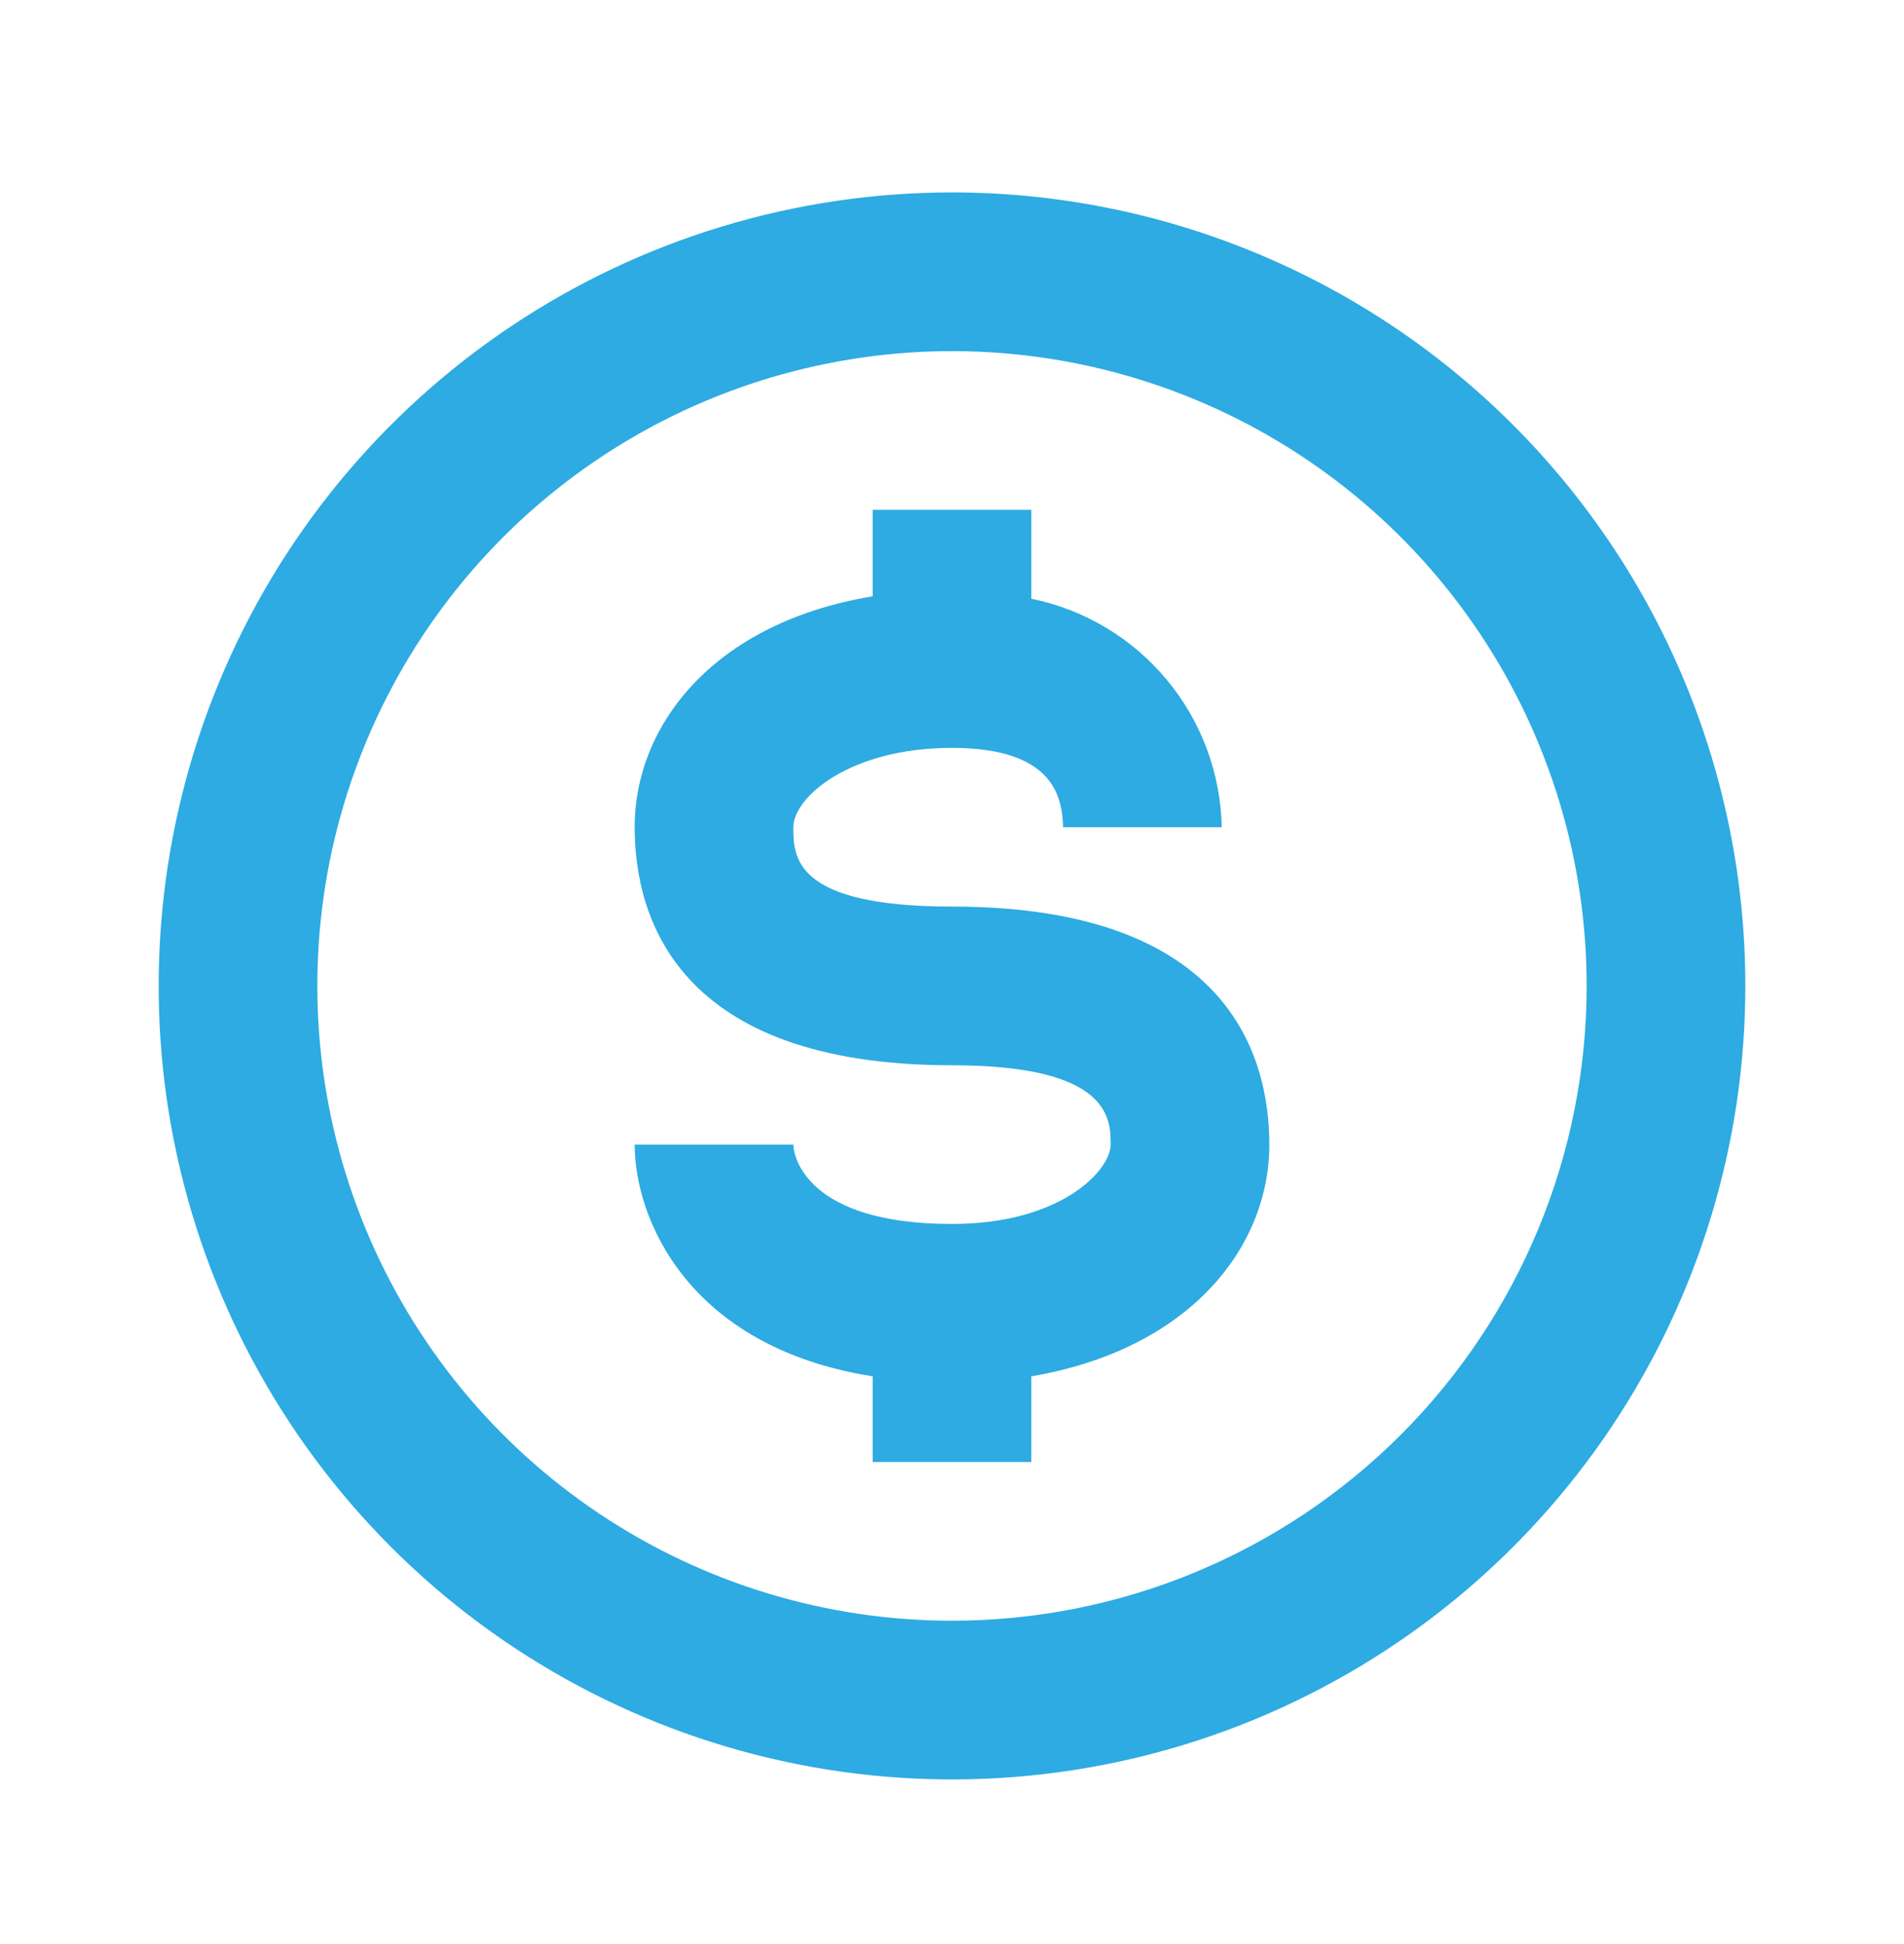 <svg width="48" height="49" viewBox="0 0 48 49" fill="none" xmlns="http://www.w3.org/2000/svg">
<path d="M24 4.85C20.044 4.85 16.178 6.023 12.889 8.221C9.6 10.419 7.036 13.542 5.522 17.197C4.009 20.851 3.613 24.872 4.384 28.752C5.156 32.632 7.061 36.195 9.858 38.992C12.655 41.789 16.219 43.694 20.098 44.466C23.978 45.238 27.999 44.842 31.654 43.328C35.308 41.814 38.432 39.251 40.629 35.962C42.827 32.673 44 28.806 44 24.85C44 22.224 43.483 19.623 42.478 17.197C41.472 14.77 39.999 12.565 38.142 10.708C36.285 8.851 34.08 7.378 31.654 6.373C29.227 5.368 26.626 4.85 24 4.85ZM24 40.85C20.835 40.85 17.742 39.912 15.111 38.154C12.48 36.396 10.429 33.897 9.218 30.973C8.007 28.05 7.69 24.833 8.307 21.729C8.925 18.625 10.449 15.774 12.686 13.537C14.924 11.299 17.775 9.775 20.879 9.158C23.982 8.54 27.199 8.857 30.123 10.068C33.047 11.279 35.545 13.33 37.303 15.961C39.062 18.592 40 21.686 40 24.85C40 29.094 38.314 33.163 35.314 36.164C32.313 39.165 28.244 40.85 24 40.85Z" fill="#2DABE2"/>
<path d="M24 22.85C20 22.85 20 21.59 20 20.85C20 20.11 21.4 18.85 24 18.85C26.6 18.85 26.78 20.13 26.8 20.85H30.8C30.773 19.488 30.283 18.175 29.41 17.128C28.538 16.081 27.335 15.363 26 15.09V12.85H22V15.03C18 15.69 16 18.27 16 20.85C16 23.09 17.04 26.85 24 26.85C28 26.85 28 28.21 28 28.85C28 29.49 26.76 30.85 24 30.85C20.32 30.85 20 29.13 20 28.85H16C16 30.69 17.32 33.95 22 34.69V36.85H26V34.69C30 34.01 32 31.43 32 28.85C32 26.61 30.96 22.85 24 22.85Z" fill="#2DABE2"/>
</svg>
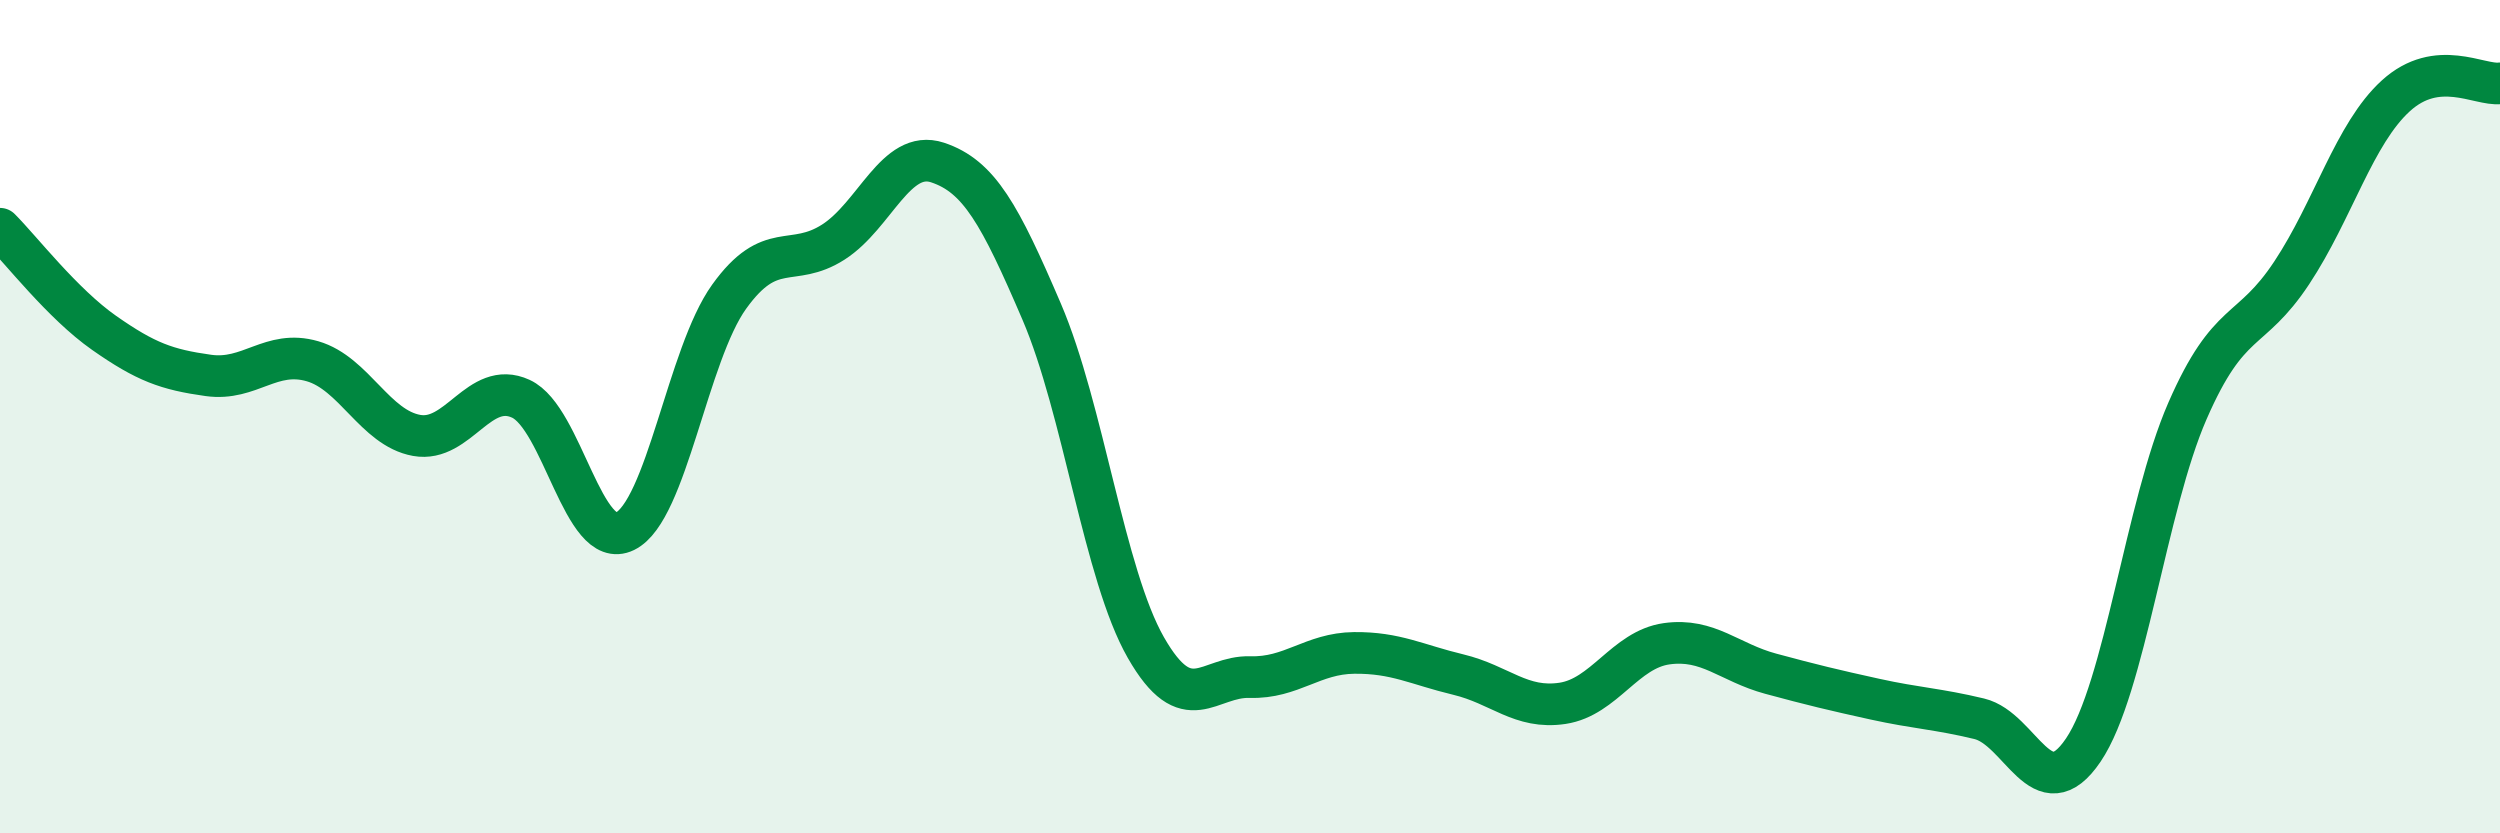 
    <svg width="60" height="20" viewBox="0 0 60 20" xmlns="http://www.w3.org/2000/svg">
      <path
        d="M 0,5.49 C 0.5,5.99 1.5,7.29 2.5,7.99 C 3.5,8.69 4,8.87 5,9.01 C 6,9.15 6.5,8.38 7.5,8.67 C 8.5,8.96 9,10.27 10,10.45 C 11,10.63 11.5,9.11 12.5,9.57 C 13.5,10.03 14,13.24 15,12.75 C 16,12.26 16.5,8.51 17.5,7.12 C 18.5,5.73 19,6.45 20,5.81 C 21,5.17 21.5,3.57 22.5,3.9 C 23.5,4.23 24,5.15 25,7.48 C 26,9.81 26.5,13.79 27.5,15.54 C 28.5,17.29 29,16.22 30,16.25 C 31,16.28 31.5,15.68 32.5,15.67 C 33.5,15.66 34,15.95 35,16.19 C 36,16.43 36.5,17.03 37.5,16.88 C 38.5,16.73 39,15.59 40,15.45 C 41,15.31 41.5,15.9 42.5,16.17 C 43.5,16.44 44,16.56 45,16.78 C 46,17 46.5,17.01 47.5,17.25 C 48.5,17.49 49,19.48 50,18 C 51,16.52 51.5,12.15 52.5,9.86 C 53.5,7.57 54,8.06 55,6.55 C 56,5.04 56.5,3.21 57.5,2.3 C 58.5,1.39 59.5,2.06 60,2L60 20L0 20Z"
        fill="#008740"
        opacity="0.1"
        stroke-linecap="round"
        stroke-linejoin="round"
      />
      <path
        d="M 0,5.49 C 0.5,5.99 1.5,7.29 2.5,7.99 C 3.5,8.69 4,8.87 5,9.01 C 6,9.15 6.5,8.38 7.5,8.67 C 8.5,8.96 9,10.27 10,10.45 C 11,10.63 11.5,9.11 12.5,9.57 C 13.5,10.03 14,13.24 15,12.75 C 16,12.26 16.5,8.51 17.5,7.12 C 18.5,5.73 19,6.45 20,5.81 C 21,5.17 21.5,3.57 22.5,3.9 C 23.5,4.23 24,5.15 25,7.48 C 26,9.81 26.5,13.79 27.5,15.54 C 28.5,17.29 29,16.22 30,16.25 C 31,16.28 31.5,15.68 32.5,15.67 C 33.5,15.66 34,15.95 35,16.19 C 36,16.43 36.5,17.03 37.5,16.88 C 38.5,16.73 39,15.59 40,15.45 C 41,15.31 41.5,15.9 42.5,16.17 C 43.5,16.44 44,16.56 45,16.78 C 46,17 46.5,17.01 47.5,17.25 C 48.5,17.49 49,19.48 50,18 C 51,16.52 51.5,12.15 52.5,9.86 C 53.5,7.57 54,8.06 55,6.55 C 56,5.04 56.5,3.21 57.5,2.3 C 58.5,1.39 59.5,2.06 60,2"
        stroke="#008740"
        stroke-width="1"
        fill="none"
        stroke-linecap="round"
        stroke-linejoin="round"
      />
    </svg>

**YOUR INSTRUCTIONS**
A faithful, complete copy of the records above is required, one that contains no pictures.

**YOUR SOLUTION**
 <svg width="48" height="49" viewBox="0 0 48 49" fill="none" xmlns="http://www.w3.org/2000/svg">
<path d="M24 4.85C20.044 4.85 16.178 6.023 12.889 8.221C9.6 10.419 7.036 13.542 5.522 17.197C4.009 20.851 3.613 24.872 4.384 28.752C5.156 32.632 7.061 36.195 9.858 38.992C12.655 41.789 16.219 43.694 20.098 44.466C23.978 45.238 27.999 44.842 31.654 43.328C35.308 41.814 38.432 39.251 40.629 35.962C42.827 32.673 44 28.806 44 24.85C44 22.224 43.483 19.623 42.478 17.197C41.472 14.77 39.999 12.565 38.142 10.708C36.285 8.851 34.08 7.378 31.654 6.373C29.227 5.368 26.626 4.85 24 4.85ZM24 40.85C20.835 40.85 17.742 39.912 15.111 38.154C12.48 36.396 10.429 33.897 9.218 30.973C8.007 28.05 7.69 24.833 8.307 21.729C8.925 18.625 10.449 15.774 12.686 13.537C14.924 11.299 17.775 9.775 20.879 9.158C23.982 8.54 27.199 8.857 30.123 10.068C33.047 11.279 35.545 13.33 37.303 15.961C39.062 18.592 40 21.686 40 24.85C40 29.094 38.314 33.163 35.314 36.164C32.313 39.165 28.244 40.85 24 40.85Z" fill="#2DABE2"/>
<path d="M24 22.85C20 22.85 20 21.59 20 20.85C20 20.11 21.4 18.85 24 18.85C26.6 18.85 26.78 20.13 26.8 20.85H30.8C30.773 19.488 30.283 18.175 29.41 17.128C28.538 16.081 27.335 15.363 26 15.09V12.85H22V15.03C18 15.69 16 18.27 16 20.85C16 23.09 17.04 26.85 24 26.85C28 26.85 28 28.21 28 28.85C28 29.49 26.76 30.85 24 30.85C20.32 30.85 20 29.13 20 28.85H16C16 30.69 17.32 33.95 22 34.69V36.85H26V34.69C30 34.01 32 31.43 32 28.85C32 26.61 30.96 22.85 24 22.85Z" fill="#2DABE2"/>
</svg>
    <svg width="60" height="20" viewBox="0 0 60 20" xmlns="http://www.w3.org/2000/svg">
      <path
        d="M 0,5.49 C 0.5,5.99 1.5,7.29 2.5,7.99 C 3.5,8.69 4,8.87 5,9.01 C 6,9.15 6.5,8.38 7.5,8.67 C 8.5,8.96 9,10.27 10,10.45 C 11,10.63 11.5,9.11 12.5,9.57 C 13.5,10.03 14,13.24 15,12.75 C 16,12.26 16.5,8.51 17.5,7.12 C 18.5,5.73 19,6.45 20,5.81 C 21,5.17 21.5,3.57 22.5,3.9 C 23.5,4.23 24,5.15 25,7.48 C 26,9.81 26.5,13.79 27.5,15.54 C 28.5,17.29 29,16.22 30,16.25 C 31,16.28 31.5,15.68 32.5,15.67 C 33.5,15.66 34,15.95 35,16.19 C 36,16.43 36.5,17.03 37.5,16.88 C 38.5,16.73 39,15.59 40,15.45 C 41,15.31 41.5,15.9 42.5,16.17 C 43.5,16.44 44,16.56 45,16.78 C 46,17 46.5,17.01 47.5,17.25 C 48.5,17.49 49,19.48 50,18 C 51,16.52 51.5,12.15 52.5,9.86 C 53.5,7.57 54,8.06 55,6.55 C 56,5.04 56.5,3.21 57.5,2.3 C 58.5,1.39 59.5,2.06 60,2L60 20L0 20Z"
        fill="#008740"
        opacity="0.1"
        stroke-linecap="round"
        stroke-linejoin="round"
      />
      <path
        d="M 0,5.49 C 0.5,5.99 1.5,7.29 2.5,7.99 C 3.5,8.69 4,8.87 5,9.01 C 6,9.15 6.5,8.38 7.5,8.67 C 8.5,8.96 9,10.27 10,10.45 C 11,10.63 11.5,9.11 12.5,9.57 C 13.5,10.03 14,13.24 15,12.75 C 16,12.26 16.5,8.51 17.5,7.12 C 18.5,5.73 19,6.45 20,5.81 C 21,5.17 21.5,3.57 22.5,3.9 C 23.5,4.23 24,5.15 25,7.48 C 26,9.81 26.5,13.79 27.5,15.54 C 28.5,17.29 29,16.22 30,16.25 C 31,16.28 31.5,15.68 32.5,15.67 C 33.5,15.66 34,15.95 35,16.19 C 36,16.43 36.5,17.03 37.5,16.88 C 38.5,16.73 39,15.59 40,15.45 C 41,15.31 41.5,15.9 42.5,16.17 C 43.5,16.44 44,16.56 45,16.78 C 46,17 46.5,17.01 47.5,17.25 C 48.5,17.49 49,19.48 50,18 C 51,16.52 51.5,12.15 52.5,9.86 C 53.5,7.57 54,8.06 55,6.55 C 56,5.04 56.5,3.21 57.5,2.3 C 58.5,1.39 59.5,2.06 60,2"
        stroke="#008740"
        stroke-width="1"
        fill="none"
        stroke-linecap="round"
        stroke-linejoin="round"
      />
    </svg>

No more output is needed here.